Show HN: Dongxi – a place for sharing and tagging - dongxi
http://dongxi.co
======
dongxi
Why we have such a product?

Dongxi means thing(s) in Chinese.

Everyday we are surrounded and eroded by numerous information, passively
accepting a variety of sources of information. We cannot deny those sources,
or deny those information. Information should be valuable, should have
specific value for people with distinct background. Then should we have that
RIGHT to make the decision that what is valuable or what its value is for what
we see and what we hear? At least I hope so. That’s why I make Dongxi.

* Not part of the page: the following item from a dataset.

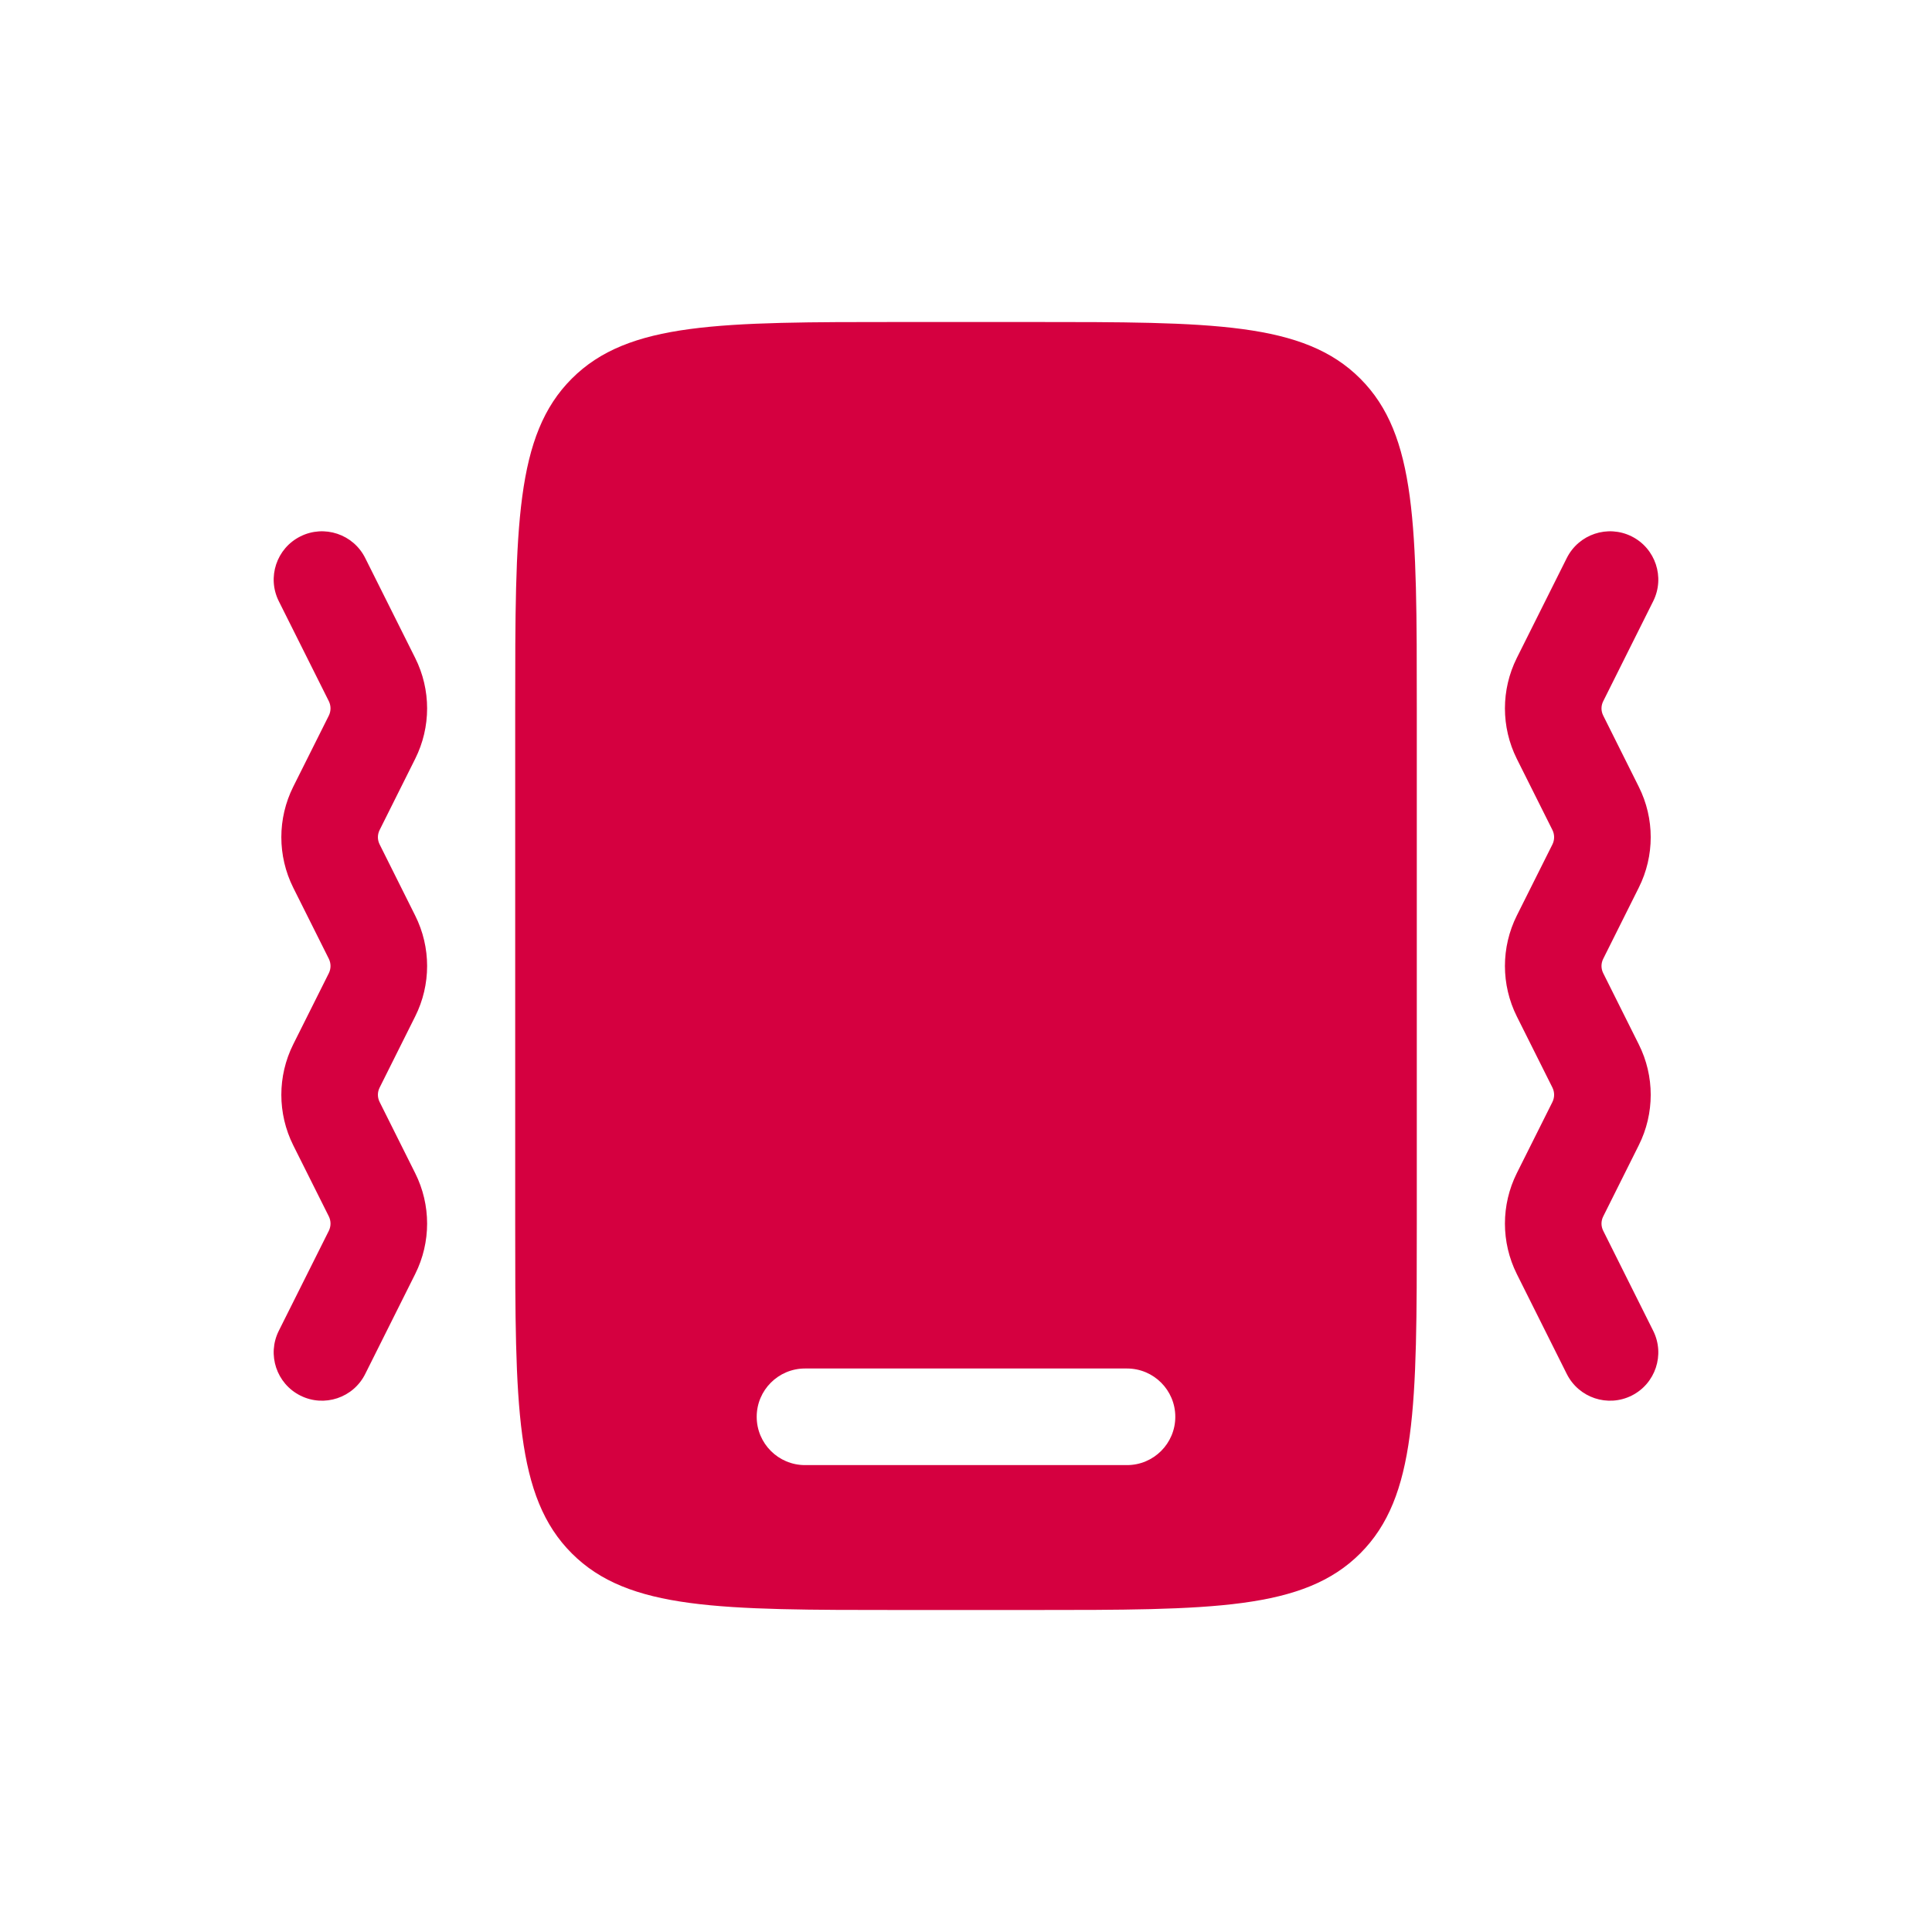 <svg width="30" height="30" viewBox="0 0 30 30" fill="none" xmlns="http://www.w3.org/2000/svg">
<path fill-rule="evenodd" clip-rule="evenodd" d="M8.879 5.879C8 6.757 8 8.172 8 11V19C8 21.828 8 23.243 8.879 24.121C9.758 25 11.172 25 14 25H16C18.829 25 20.243 25 21.122 24.121C22 23.243 22 21.828 22 19V11C22 8.172 22 6.757 21.122 5.879C20.243 5 18.829 5 16 5H14C11.172 5 9.758 5 8.879 5.879ZM12.5 21.25C12.086 21.25 11.75 21.586 11.75 22C11.75 22.414 12.086 22.75 12.5 22.75H17.5C17.914 22.75 18.25 22.414 18.25 22C18.25 21.586 17.914 21.25 17.5 21.25H12.5Z" fill="#D50040"/>
<path fill-rule="evenodd" clip-rule="evenodd" d="M4.665 8.329C5.035 8.144 5.486 8.294 5.671 8.665L6.447 10.217C6.694 10.71 6.694 11.29 6.447 11.783L5.895 12.888C5.859 12.959 5.859 13.041 5.895 13.112L6.447 14.217C6.694 14.71 6.694 15.29 6.447 15.783L5.895 16.888C5.859 16.959 5.859 17.041 5.895 17.112L6.447 18.217C6.694 18.71 6.694 19.29 6.447 19.783L5.671 21.335C5.486 21.706 5.035 21.856 4.665 21.671C4.294 21.486 4.144 21.035 4.329 20.665L5.106 19.112C5.141 19.041 5.141 18.959 5.106 18.888L4.553 17.783C4.307 17.29 4.307 16.71 4.553 16.217L5.106 15.112C5.141 15.041 5.141 14.959 5.106 14.888L4.553 13.783C4.307 13.29 4.307 12.71 4.553 12.217L5.106 11.112C5.141 11.041 5.141 10.959 5.106 10.888L4.329 9.335C4.144 8.965 4.294 8.514 4.665 8.329ZM25.336 8.329C25.706 8.514 25.856 8.965 25.671 9.335L24.895 10.888C24.859 10.959 24.859 11.041 24.895 11.112L25.447 12.217C25.694 12.71 25.694 13.29 25.447 13.783L24.895 14.888C24.859 14.959 24.859 15.041 24.895 15.112L25.447 16.217C25.694 16.71 25.694 17.29 25.447 17.783L24.895 18.888C24.859 18.959 24.859 19.041 24.895 19.112L25.671 20.665C25.856 21.035 25.706 21.486 25.336 21.671C24.965 21.856 24.515 21.706 24.329 21.335L23.553 19.783C23.307 19.29 23.307 18.71 23.553 18.217L24.106 17.112C24.141 17.041 24.141 16.959 24.106 16.888L23.553 15.783C23.307 15.29 23.307 14.71 23.553 14.217L24.106 13.112C24.141 13.041 24.141 12.959 24.106 12.888L23.553 11.783C23.307 11.29 23.307 10.71 23.553 10.217L24.329 8.665C24.515 8.294 24.965 8.144 25.336 8.329Z" fill="#D50040"/>
</svg>

What can you do with Dongxi?

First of all, sharing. You can publish articles to share your points. You can
just send a few words to share your life. And you can also publish photos. But
we limit it to one picture per time. Since we believe that valuable Dongxi
(things) should be picked by heart.

Second, tagging. We play with tags here, and basically only tags. You will
find out that we have no comments, no heat, no specific voting, and no simple
tags you see from elsewhere. Because interactions here are tagging. Dongxi’s
tagging is combined with commenting, heat, voting and tagging. Just a few
words or simply a tap, you can share your ideas and point of view with other
people. You like something, tap it, tag it. You don’t like something, also tap
it, tag it. You agree with someone, tap it, tag it. You disagree with someone,
also just tap it, tag it. Plain and simple.

Finally, searching. 20 years ago, when search engine came out, there were a
few hundreds or thousands of people using Internet. So people needed search
engine to index. Desktop operating system enabled people to generate
information, and search engine helps people to index the endless information.
Now, we need a product to tag everything with its own value. We need crawlers
to get information, we need more that people behind computers and phones to
share and tag those websites, links and things that are useful. We have
billions of people using Internet, they are sharing intelligence to provide
value to the connected world.

What does Dongxi want to do?

Dongxi hopes to tag everything on the Internet, helps people to find what
exactly what they want. Providing a value platform to people to use, to share,
to tag, to search, to acquire information, to exchange point of view.

Dongxi’s adventure begins here. Hope every one of you can join us and grow
with us, sharing the value behind Dongxi.